@MrsTaytodarling (you need to change that user name!!!) Welcome. Don't worry about that mistake - it's inevitable that these things will happen from time to time. Unless you had a massive bowlful of it, I'm sure it won't be too bad.
@ShagMeRiggins - there are signs that the NHS are gradually recognising the benefits of a low carb (or at least a low sugar) WOE. But I'm shocked that she couldn't answer your cholesterol question though! Thank goodness for @StuntNun who is a complete
(sorry - no emoji for 'total expert')
@reeboIsMySpiritAnimal I hate it when that happens! And it's all too easy to do - with ageing eyes I often find it really difficult, if not impossible, to read the details on the back of the pack, and missing that oh-so-important decimal point is very easy to do. In the great scheme of things, especially with the rest of your day, I'm sure it will be fine
@Rayna37 - I know you're not far from target, but honestly you really shouldn't need a pre-race snack as your body will have more than sufficient fuel in its fat reserves. Have you read 'The Art and Science of Low Carbohydrate Performance'? If not, I really recommend it - it explains (through the authors own research and experiments) how even elite/endurance athletes have sufficient body fat to sustain their levels of exercise. But I hope the race goes (or went!) well for you!
@Nameusernameuser what a lovely mum you have!
@Notlostjustexploring that sounds really tough
Good on you for hanging on though. Can you prepare a 'snack tray' for yourself - chunks of cheese, some cut up low carb sausage, olives - so you have something easy to hand? Re the veg - one of my favourite sides is tenderstem broccoli, roasted in the oven, with olive oil and sea salt. Sometimes I do it with a couple of sliced shallots, and/or some crushed chilli flakes. Takes 15-20 minutes in a hot oven. (You need to watch it because the florets can go from lovely and crispy/crunchy to charcoal very quickly!)
@chocolateavocado99
I can't do it now! But I start my training sessions (with my PT) after my warm-up with a 2 minute plank, so that's become - almost! - routine. We mix it up later in the session with hip-touch or reach-through or superman planks. Occasionally a walking plank, which is tough!
@18pagesfrontandback
Love the Lengthened Calves, High Forehead bootcamp. If that would add another 4 inches to my height I'd be delighted
Sorry about the insomnia - I had that both Monday and Tuesday. Both varieties. Fell asleep easily on Monday but then wide away from 2-4am. Tuesday just couldn't get to sleep till 2, then woke again at 4. I hate it. Being alcohol-free seems to exacerbate it for me, which isn't great 
@m0therofdragons Yay! Your perseverance has paid off! 
@venusandmars
I don't exercise to loose weight (I think that is a very tough thing to do) but to keep myself supple and moving
You're spot on with this. I was really shocked when I did the C25K and realised how few calories you burn running for half an hour - around 320 from memory - and it's so, so easy to eat or drink those calories back. Especially as there's also a psychological element here that doesn't help. "I've been to the gym so I deserve a treat" mentality really doesn't help! Plus, of course, more exercise means we can increase our hunger levels.

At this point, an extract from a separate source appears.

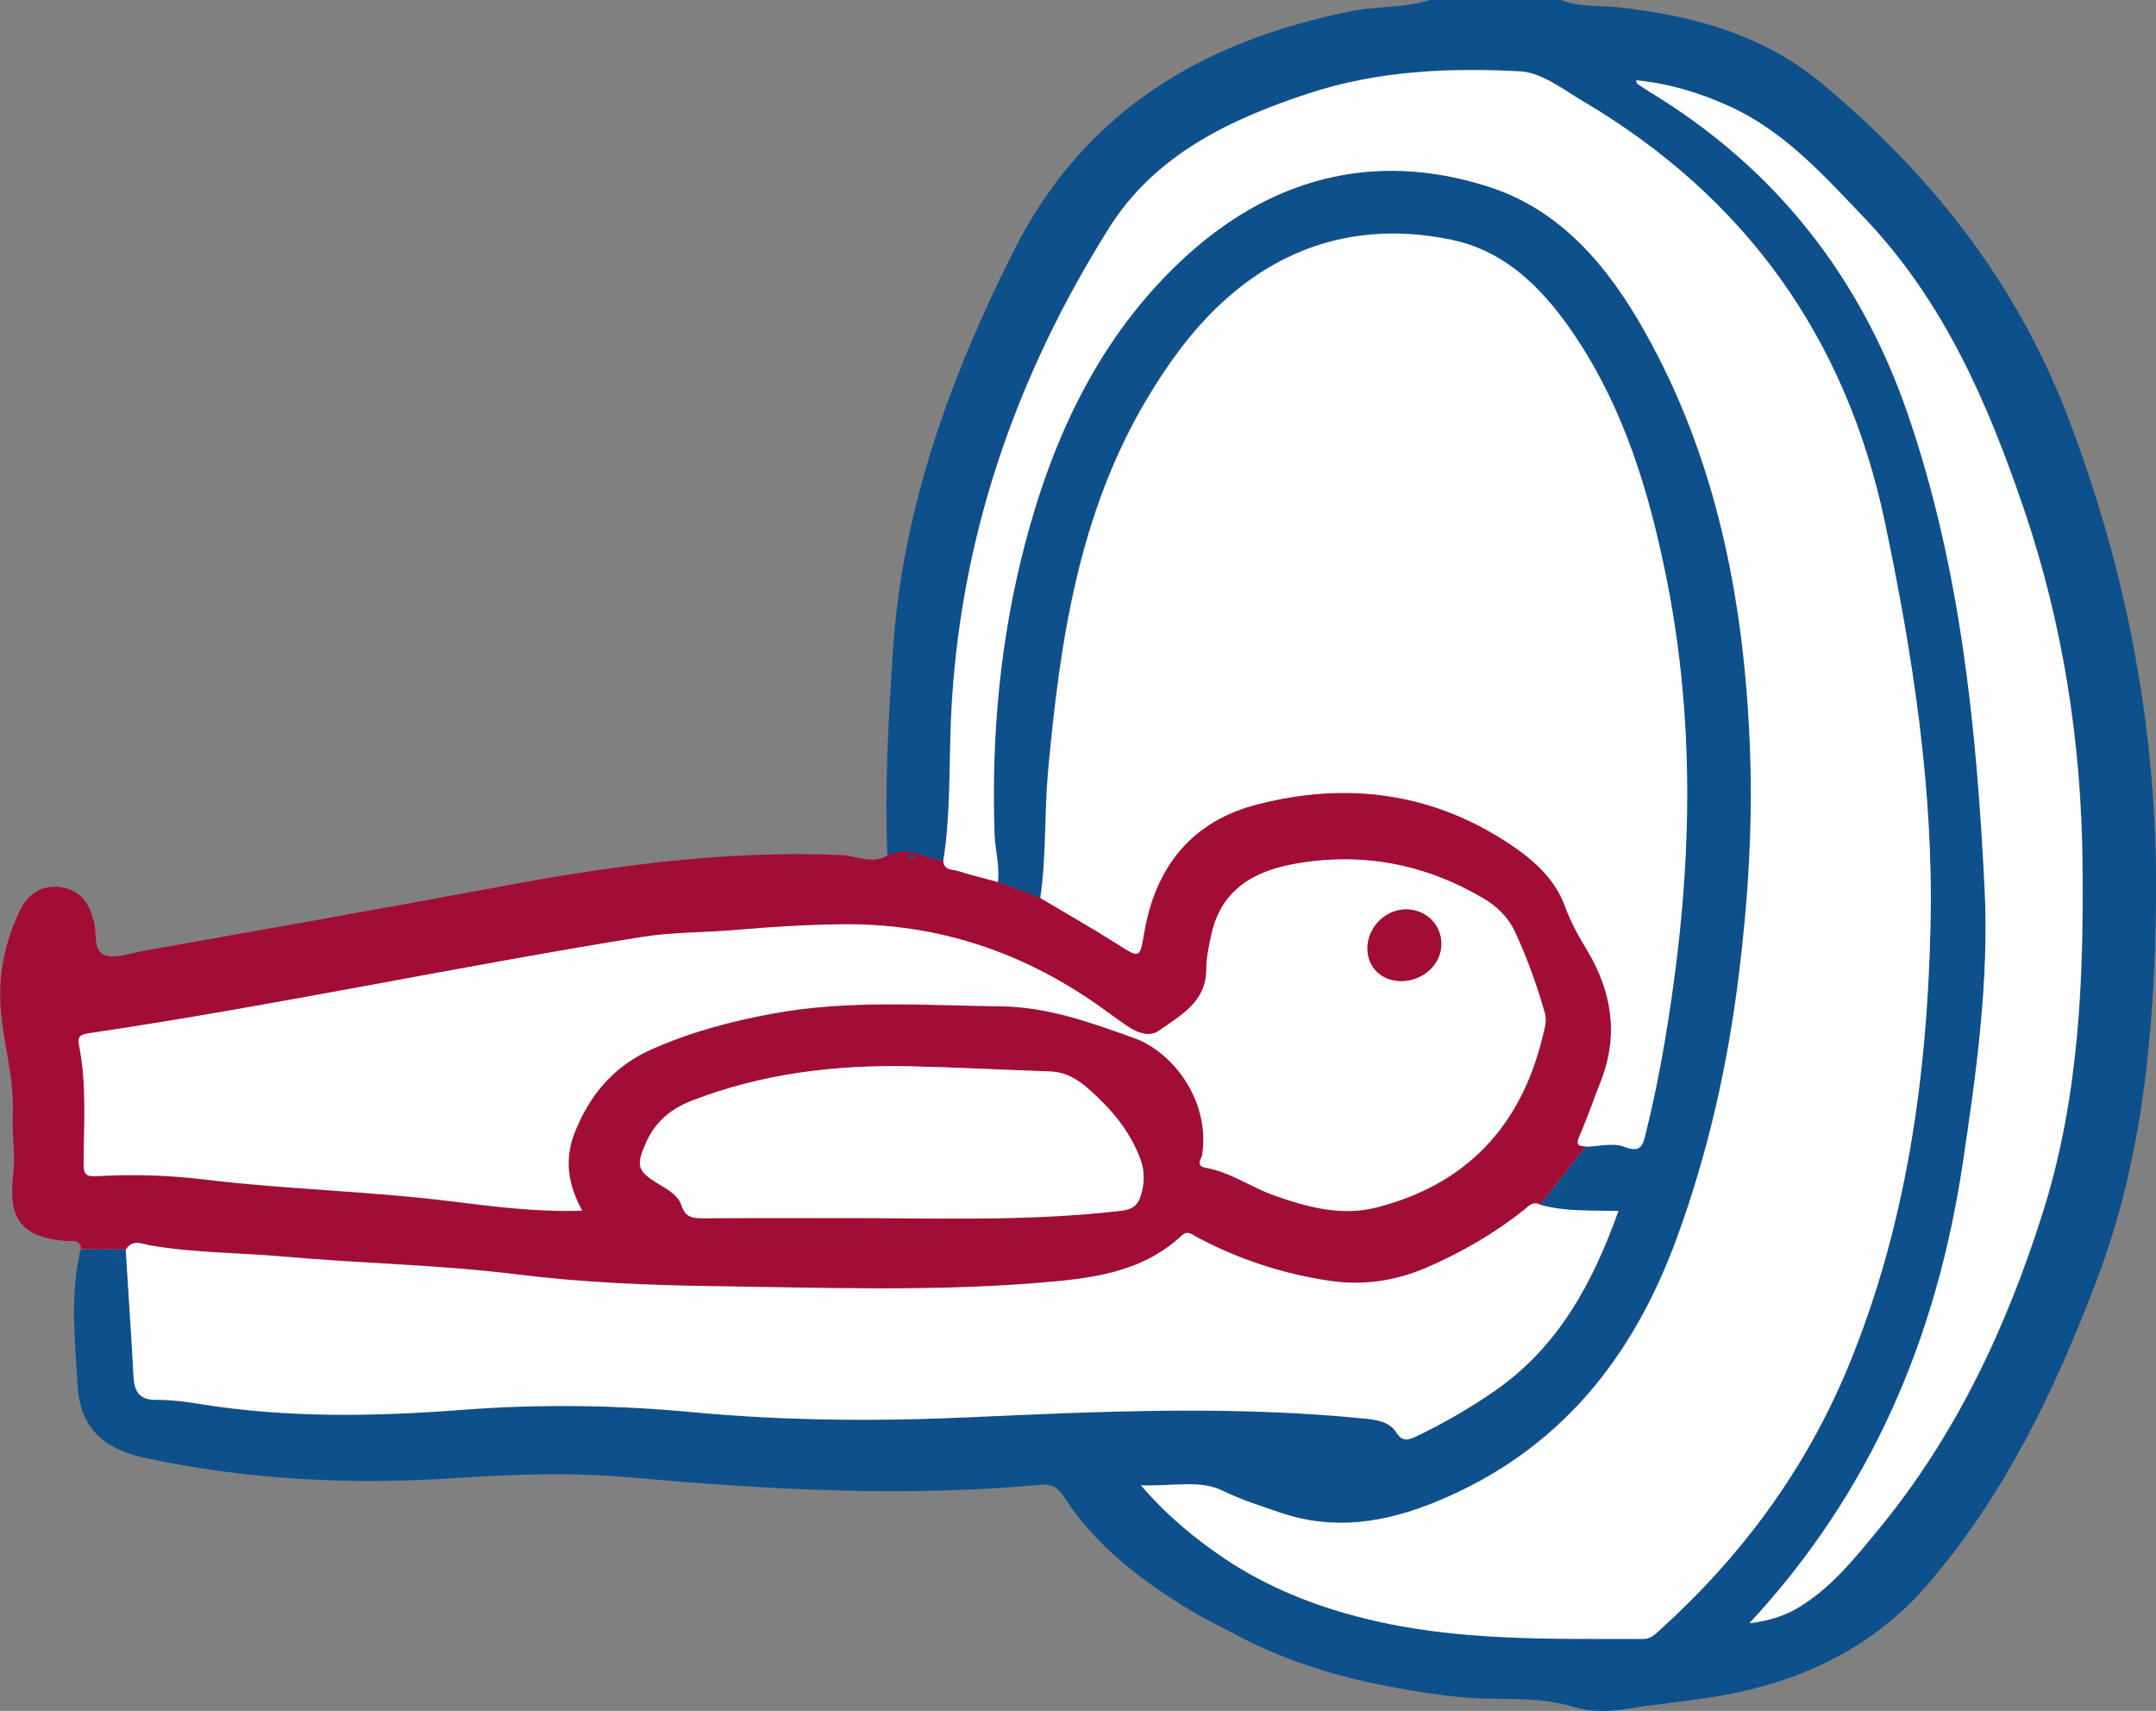 <?xml version="1.0" encoding="UTF-8"?><svg id="Layer_2" xmlns="http://www.w3.org/2000/svg" viewBox="0 0 143.9 114.19"><rect x="0" y="0" width="143.9" height="114.19" fill="#808080" stroke="none"/><defs><style>.cls-1{fill:#0d508b;}.cls-2{fill:#a20d36;}.cls-3{fill:#fefefe;}</style></defs><g id="_图层_1"><g><path class="cls-1" d="M59.23,57.14c-.2-4.54,.07-9.07,.36-13.61,.62-9.57,3.81-18.31,8.07-26.78,4.7-9.36,12.64-14.02,22.55-16.01,1.74-.35,3.54-.19,5.24-.74h8.75c1.24,.5,2.57,.35,3.86,.49,4.98,.55,9.71,1.86,13.6,5.13,7.22,6.04,12.9,13.19,16.33,22.14,4.02,10.49,6.04,21.23,5.91,32.44-.1,8.61-.87,17.1-3.94,25.2-2.75,7.25-6.07,14.22-11.17,20.2-3.71,4.36-8.5,6.62-14,7.59-2.02,.35-4.07,.52-6.09,.85-1.26,.21-2.54,.24-3.7-.12-2.56-.79-5.19-.37-7.77-.67-5.27-.61-10.35-1.74-15.04-4.3-.9-.49-1.84-.92-2.71-1.45-3.3-2.01-6.36-4.32-8.49-7.63-.42-.65-.83-.83-1.55-.77-9.13,.84-18.24,.32-27.35-.49-3.93-.35-7.89-.21-11.83,.05-6.87,.45-13.68,.11-20.44-1.32-2.8-.59-4.46-1.91-4.64-4.88-.18-3.03-.52-6.06,.2-9.07,1.01,0,2.02,0,3.02,.01,.18,2.82,.37,5.64,.52,8.46,.05,1.01,.37,1.59,1.52,1.58,.98,0,1.97,.12,2.94,.28,5.84,.94,11.7,.83,17.56,.38,5.1-.39,10.2-.32,15.28,.16,6.16,.58,12.34,.62,18.5,.34,8.86-.4,17.71-.8,26.57,.11,.75,.08,1.5,.25,1.91,.9,.41,.65,.8,.52,1.35,.26,1.82-.87,3.55-1.87,5.21-3.02,4.27-2.96,6.56-7.24,8.27-12.02-1.84-.04-3.56,.05-5.24-.41,1.02-1.3,2.03-2.6,3.05-3.9,.85-.02,1.8-.28,2.54,0,1.17,.46,1.26-.15,1.46-.95,.83-3.31,1.4-6.67,1.86-10.06,1.24-9.14,1.29-18.26-.57-27.32-1.12-5.45-2.73-10.74-5.81-15.46-2.06-3.16-4.61-5.93-8.41-6.73-5.76-1.21-11.02,.15-15.41,4.23-1.99,1.85-3.56,4.04-4.95,6.36-4.57,7.66-5.83,16.2-6.61,24.87-.26,2.82-.1,5.65-.52,8.46-.94-.35-1.89-.7-2.83-1.05,.14-1.08-.18-2.13-.22-3.2-.22-6.58,.37-13.07,2.05-19.45,1.88-7.15,4.97-13.72,10.4-18.83,5.8-5.46,12.76-7.42,20.48-4.96,4.85,1.54,8.01,5.33,10.44,9.63,4.81,8.53,6.63,17.87,7.04,27.53,.22,5.14-.09,10.27-.72,15.39-.74,6.04-2.06,11.91-4.15,17.64-2.95,8.07-7.87,14.19-15.97,17.56-3.44,1.43-6.87,1.99-10.48,.77-1.32-.45-2.61-.85-3.89-1.48-1.49-.73-3.39-.27-5.43-.35,1.8,2.08,3.67,3.6,5.62,4.91,2.84,1.9,6.05,3.17,9.38,3.99,6.1,1.5,12.32,1.33,18.53,1.35,.5,0,.77-.29,1.09-.58,5.45-4.92,9.72-10.7,12.54-17.48,3.93-9.44,5.32-19.43,5.54-29.54,.2-9.09-1.18-18.07-3.05-26.96-2.59-12.3-9.32-21.68-20.16-28.08-1.33-.78-2.74-1.9-4.16-1.98-4.75-.26-9.53-.04-14.1,1.46-5.28,1.73-10.28,4.1-13.36,9-6.26,9.97-10,20.79-10.54,32.65-.14,3.21-.02,6.43-.52,9.62-1.24-.2-2.41-1.03-3.73-.36ZM109.23,5.36c.02,.13,.01,.2,.04,.22,.28,.19,.56,.38,.85,.56,8.39,5.09,14.1,12.35,17.26,21.58,3.5,10.24,4.57,20.9,5.1,31.62,.3,6.13-.54,12.2-1.45,18.26-1.73,11.61-6.08,21.96-14.25,30.75,1.23-.16,2.24-.45,3.17-.99,2.22-1.3,3.81-3.29,5.39-5.21,5.19-6.28,8.6-13.54,11.03-21.25,2.39-7.59,2.72-15.45,2.64-23.35-.09-8.05-1.31-15.9-3.9-23.53-2.42-7.13-5.39-13.96-10.69-19.5-2.69-2.81-5.29-5.73-8.94-7.4-1.99-.91-4.03-1.53-6.23-1.75Z"/><path class="cls-2" d="M66.6,58.87c.94,.35,1.89,.7,2.83,1.05,1.72,1.03,3.47,2.02,5.16,3.09,1.47,.93,1.47,.98,1.77-.78,.76-4.43,3.21-7.46,7.59-8.57,5.99-1.52,11.71-.78,16.92,2.73,1.54,1.04,2.92,2.29,3.58,4.09,.38,1.06,.92,2,1.49,2.96,1.64,2.76,2.1,5.65,.9,8.71-.47,1.19-.88,2.4-1.39,3.57-.22,.52-.27,.79,.4,.77-1.02,1.3-2.03,2.6-3.05,3.9-.5-.26-.77,.11-1.1,.37-1.99,1.58-4.18,2.84-6.5,3.84-2.08,.9-4.24,1.21-6.53,.86-3.11-.47-6.04-1.44-8.81-2.92-.33-.17-.58-.47-1-.07-2.7,2.51-6.15,2.86-9.55,3.14-7.19,.59-14.41,.32-21.61,.22-4.41-.06-8.83-.24-13.22-.79-5.15-.64-10.33-.72-15.49-1.18-2.98-.27-5.99-.24-8.95-.75-.51-.09-1.19-.46-1.62,.27-1.01,0-2.02,0-3.02-.01-.02-.69-.55-.51-.93-.54-3.02-.22-3.95-1.45-3.59-4.43,.16-1.3-.09-2.65-.03-3.97,.11-2.3-.54-4.49-.77-6.74-.25-2.46,.2-4.77,1.27-6.96,.51-1.04,1.38-1.65,2.59-1.53,1.2,.13,1.92,.86,2.23,2,.02,.08,.05,.16,.08,.24,.25,.78-.07,1.97,.7,2.29,.68,.29,1.67-.09,2.5-.24,7.94-1.42,15.88-2.81,23.8-4.29,7.57-1.42,15.16-2.46,22.89-2.13,1.02,.04,2.06,.64,3.09,.04,1.32-.68,2.5,.16,3.73,.36,.05,.6,.6,.52,.96,.63,.88,.28,1.78,.5,2.68,.74Zm-27.74,21.93c-.92-1.68-1.19-3.37-.52-5.11,.98-2.54,2.61-4.5,5.14-5.63,2.59-1.15,5.3-1.88,8.08-2.39,5.06-.94,10.16-.56,15.25-.49,3.18,.04,6.07,1.1,8.96,2.14,2.38,.86,5.03,4,4.49,7.78-.04,.25-.52,.73,.25,.86,1.62,.29,2.96,1.27,4.49,1.82,2.24,.8,4.52,1.43,6.87,.83,5.97-1.52,9.63-5.37,11.09-11.35,.13-.55,.32-1.08,.16-1.64-.53-1.84-1.17-3.65-1.98-5.39-.46-.99-1.2-1.72-2.16-2.28-3.88-2.27-8.04-3.06-12.46-2.29-2.79,.48-5.01,1.73-5.66,4.77-.16,.75-.33,1.52-.33,2.28,0,2.21-1.74,3.09-3.19,4.12-.55,.39-1.34,.16-1.95-.24-.54-.35-1.05-.73-1.57-1.11-5.27-3.84-11.11-5.86-17.68-5.77-2.32,.03-4.63,.17-6.92,.37-2.13,.19-4.27,.14-6.39,.48-12.32,1.97-24.52,4.58-36.86,6.42-.46,.07-.81,.14-.68,.78,.53,2.64,.32,5.32,.31,7.98,0,.63,.18,.81,.8,.78,2.4-.14,4.8-.08,7.19,.21,5.51,.67,11.08,.78,16.59,1.47,2.83,.35,5.69,.72,8.7,.62Zm19.29,.5c5.57,.04,11.14,.17,16.69-.49,.71-.08,1.1-.35,1.3-1,.26-.84,.28-1.66-.05-2.51-.71-1.85-1.92-3.28-3.39-4.58-.81-.72-1.6-1.17-2.67-1.21-3.08-.1-6.17-.27-9.25-.34-4.99-.11-9.89,.47-14.59,2.29-1.43,.55-2.48,1.44-3.1,2.87-.64,1.48-.56,1.83,.86,2.69,.63,.38,1.31,.74,1.55,1.47,.23,.71,.67,.82,1.34,.82,3.77-.03,7.55-.01,11.32-.01Zm2.9-24.09c-.08-.03-.14-.09-.21-.08-.08,0-.24-.02-.17,.15,.02,.04,.14,.06,.21,.05,.06,0,.11-.07,.18-.11Z"/><path class="cls-3" d="M66.6,58.87c-.89-.24-1.79-.46-2.68-.74-.36-.11-.9-.03-.96-.63,.5-3.19,.38-6.41,.52-9.62,.54-11.86,4.28-22.68,10.54-32.65,3.07-4.89,8.08-7.27,13.36-9,4.57-1.5,9.35-1.72,14.1-1.46,1.42,.08,2.83,1.19,4.16,1.98,10.84,6.4,17.56,15.78,20.16,28.08,1.87,8.89,3.26,17.87,3.05,26.96-.22,10.11-1.62,20.1-5.54,29.54-2.82,6.78-7.09,12.56-12.54,17.48-.32,.29-.6,.58-1.09,.58-6.21-.01-12.43,.16-18.53-1.35-3.34-.82-6.54-2.09-9.38-3.99-1.95-1.31-3.82-2.83-5.62-4.91,2.04,.08,3.94-.38,5.43,.35,1.28,.62,2.58,1.03,3.89,1.48,3.61,1.22,7.03,.66,10.48-.77,8.1-3.36,13.02-9.49,15.97-17.56,2.1-5.73,3.41-11.6,4.15-17.64,.63-5.12,.94-10.25,.72-15.39-.41-9.66-2.23-19-7.04-27.53-2.42-4.3-5.58-8.09-10.44-9.63-7.72-2.46-14.68-.5-20.48,4.96-5.44,5.11-8.52,11.68-10.4,18.83-1.68,6.38-2.27,12.87-2.05,19.45,.04,1.07,.36,2.12,.22,3.2Z"/><path class="cls-3" d="M105.86,76.51c-.68,.02-.63-.25-.4-.77,.51-1.17,.92-2.38,1.39-3.57,1.2-3.06,.75-5.96-.9-8.71-.57-.95-1.11-1.9-1.49-2.96-.66-1.8-2.04-3.05-3.58-4.09-5.21-3.51-10.93-4.26-16.92-2.73-4.39,1.11-6.83,4.14-7.59,8.57-.3,1.75-.3,1.71-1.77,.78-1.69-1.07-3.44-2.07-5.16-3.09,.41-2.8,.26-5.64,.52-8.46,.79-8.67,2.04-17.21,6.61-24.87,1.39-2.33,2.96-4.51,4.95-6.36,4.39-4.08,9.65-5.44,15.41-4.23,3.79,.8,6.34,3.57,8.41,6.73,3.08,4.72,4.69,10.01,5.81,15.46,1.87,9.07,1.82,18.18,.57,27.32-.46,3.39-1.04,6.74-1.86,10.06-.2,.8-.29,1.41-1.46,.95-.73-.29-1.68-.02-2.54,0Z"/><path class="cls-3" d="M8.41,83.4c.43-.72,1.11-.35,1.62-.27,2.97,.51,5.97,.48,8.95,.75,5.16,.46,10.34,.54,15.49,1.18,4.38,.55,8.81,.73,13.22,.79,7.2,.1,14.42,.36,21.61-.22,3.4-.28,6.86-.63,9.55-3.14,.42-.39,.68-.1,1,.07,2.77,1.48,5.7,2.45,8.81,2.92,2.28,.35,4.45,.03,6.53-.86,2.32-1,4.51-2.26,6.5-3.84,.33-.26,.61-.63,1.1-.37,1.67,.47,3.39,.37,5.23,.41-1.71,4.78-4,9.07-8.27,12.02-1.66,1.15-3.39,2.15-5.21,3.02-.55,.26-.94,.39-1.35-.26-.41-.65-1.16-.82-1.91-.9-8.85-.91-17.71-.51-26.57-.11-6.16,.28-12.34,.24-18.5-.34-5.08-.48-10.17-.55-15.28-.16-5.86,.45-11.73,.56-17.56-.38-.97-.16-1.96-.29-2.94-.28-1.15,.01-1.47-.57-1.52-1.58-.15-2.82-.35-5.64-.52-8.46Z"/><path class="cls-3" d="M109.23,5.36c2.2,.22,4.24,.84,6.23,1.75,3.65,1.67,6.25,4.59,8.94,7.4,5.3,5.54,8.27,12.37,10.69,19.5,2.59,7.63,3.81,15.48,3.9,23.53,.09,7.9-.24,15.76-2.64,23.35-2.43,7.71-5.84,14.97-11.03,21.25-1.58,1.92-3.17,3.91-5.39,5.21-.93,.54-1.94,.83-3.17,.99,8.17-8.79,12.52-19.14,14.25-30.75,.91-6.06,1.75-12.13,1.45-18.26-.53-10.72-1.6-21.39-5.1-31.62-3.16-9.23-8.87-16.5-17.26-21.58-.29-.18-.57-.37-.85-.56-.02-.02-.02-.08-.04-.22Z"/><path class="cls-3" d="M38.86,80.8c-3,.1-5.86-.27-8.7-.62-5.52-.69-11.08-.8-16.59-1.47-2.39-.29-4.79-.35-7.19-.21-.62,.04-.81-.15-.8-.78,.01-2.66,.22-5.34-.31-7.98-.13-.65,.22-.71,.68-.78,12.34-1.83,24.54-4.44,36.86-6.42,2.12-.34,4.27-.29,6.39-.48,2.3-.2,4.61-.34,6.92-.37,6.57-.09,12.41,1.93,17.68,5.77,.52,.38,1.04,.76,1.57,1.11,.61,.4,1.4,.63,1.95,.24,1.45-1.03,3.19-1.91,3.19-4.12,0-.76,.17-1.53,.33-2.28,.65-3.04,2.87-4.29,5.66-4.77,4.43-.77,8.58,.02,12.46,2.29,.96,.56,1.7,1.29,2.16,2.28,.81,1.74,1.45,3.54,1.98,5.39,.16,.56-.03,1.09-.16,1.64-1.46,5.97-5.12,9.83-11.09,11.35-2.34,.59-4.63-.03-6.87-.83-1.52-.55-2.87-1.53-4.49-1.82-.76-.14-.28-.61-.25-.86,.55-3.78-2.11-6.92-4.49-7.78-2.89-1.04-5.78-2.1-8.96-2.14-5.1-.06-10.19-.45-15.25,.49-2.78,.51-5.49,1.24-8.08,2.39-2.53,1.13-4.16,3.09-5.14,5.63-.67,1.74-.4,3.43,.52,5.11Zm57.34-17.85c-.03-1.31-1.12-2.3-2.46-2.25-1.36,.06-2.49,1.26-2.47,2.63,.01,1.24,.96,2.15,2.24,2.15,1.51,0,2.72-1.15,2.69-2.53Z"/><path class="cls-3" d="M58.16,81.3c-3.77,0-7.55-.01-11.32,.01-.67,0-1.1-.11-1.34-.82-.24-.73-.92-1.09-1.55-1.47-1.42-.86-1.5-1.22-.86-2.69,.61-1.43,1.67-2.32,3.1-2.87,4.7-1.82,9.59-2.4,14.59-2.29,3.08,.07,6.17,.24,9.25,.34,1.07,.03,1.86,.49,2.67,1.21,1.48,1.3,2.68,2.74,3.39,4.58,.33,.85,.31,1.66,.05,2.51-.2,.65-.59,.92-1.3,1-5.55,.65-11.12,.53-16.69,.49Z"/><path class="cls-1" d="M61.05,57.22c-.06,.04-.12,.1-.18,.11-.07,0-.19,0-.21-.05-.07-.17,.09-.15,.17-.15,.07,0,.14,.05,.21,.08Z"/><path class="cls-2" d="M96.2,62.95c.03,1.38-1.18,2.52-2.69,2.53-1.28,0-2.23-.9-2.24-2.15-.02-1.37,1.12-2.57,2.47-2.63,1.34-.06,2.43,.93,2.46,2.25Z"/></g></g></svg>

That said, I really need to get in to the habit of doing more exercise. I have two PT sessions a week, but it's not really enough. I belong to a cardio gym, but just don't go
. It's class-based, so I can't just go when I want, and I also don't really like cardio! DH is a committed runner and is nagging me to go back to that, but it's getting through the initial pain barrier that's a problem. Plus, I know that there's not much point doing it unless I commit to doing it regularly, and there's a part of my very stubborn, childish brain that's stamping its feet and refusing to get my arse off the sofa.